■ **Extracted information**
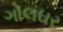
ગોલઘર
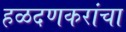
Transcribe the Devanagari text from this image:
हळदणकरांचा
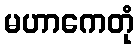
မဟာကေတုံ
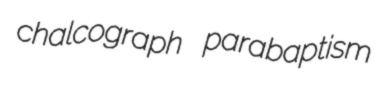
chalcograph parabaptism
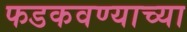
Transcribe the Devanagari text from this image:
फडकवण्याच्या
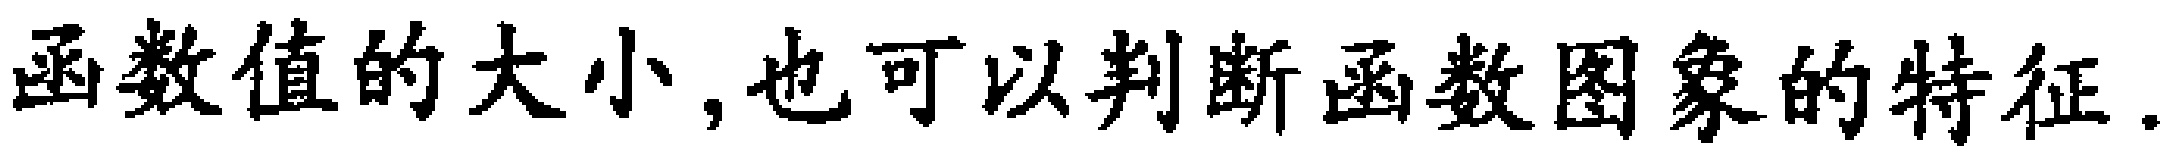
函数值的大小,也可以判断函数图象的特征.
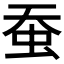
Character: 蚕
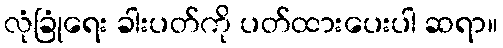
လုံခြုံရေး ခါးပတ်ကို ပတ်ထားပေးပါ ဆရာ။
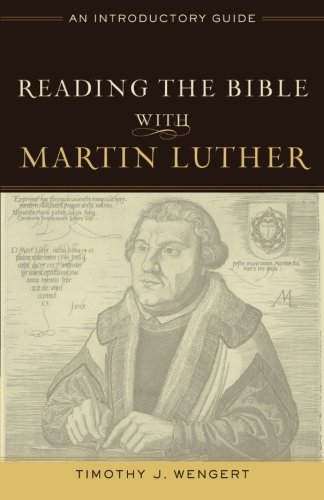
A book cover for Reading the Bible with Martin Luther: An Introductory Guide; Timothy J. Wengert; Christian Books & Bibles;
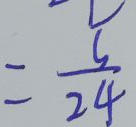
= \frac { 5 } { 2 4 }
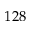
1 2 8
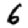
Digit: 6
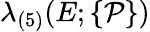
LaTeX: \lambda_{(5)}(E;\{ \mathcal{P}\} )
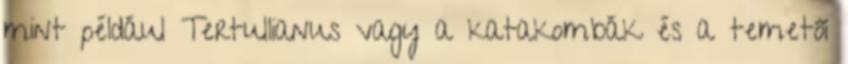
mint például Tertullianus vagy a katakombák és a temetői
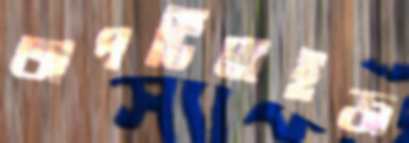
অপটিমাইজ
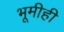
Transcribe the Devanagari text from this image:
भूमीही
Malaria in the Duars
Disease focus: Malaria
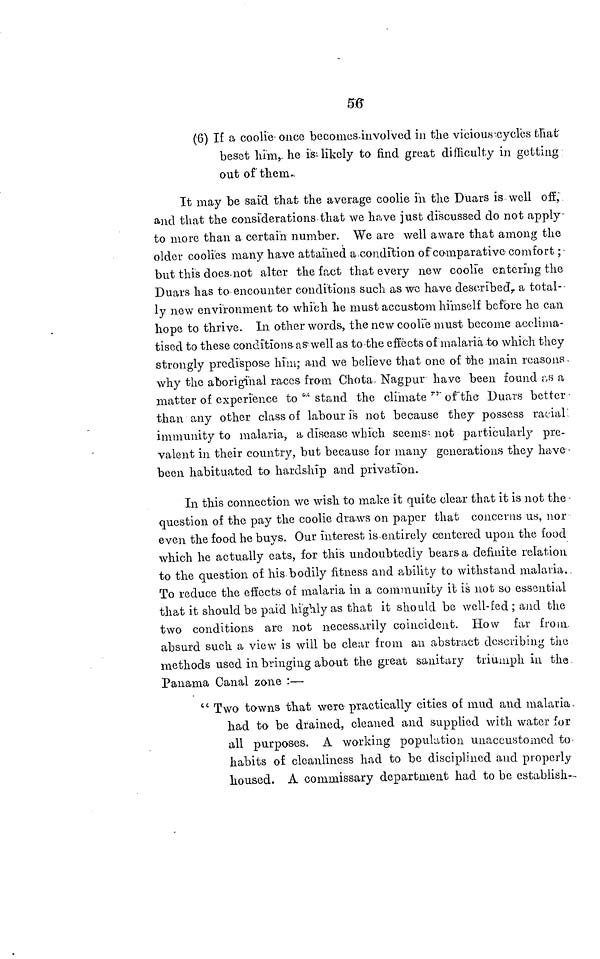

■ **What is needed**
I need the lines from the one holding "Character: 蚕" through the last line of the entries set down exactly, with every picture left out.

■ **Task response**
Character: 蚕
လုံခြုံရေး ခါးပတ်ကို ပတ်ထားပေးပါ ဆရာ။
A book cover for Reading the Bible with Martin Luther: An Introductory Guide; Timothy J. Wengert; Christian Books & Bibles;
= \frac { 5 } { 2 4 }
1 2 8
Digit: 6
LaTeX: \lambda_{(5)}(E;\{ \mathcal{P}\} )
mint például Tertullianus vagy a katakombák és a temetői
অপটিমাইজ
Transcribe the Devanagari text from this image:
भूमीही
Malaria in the Duars
Disease focus: Malaria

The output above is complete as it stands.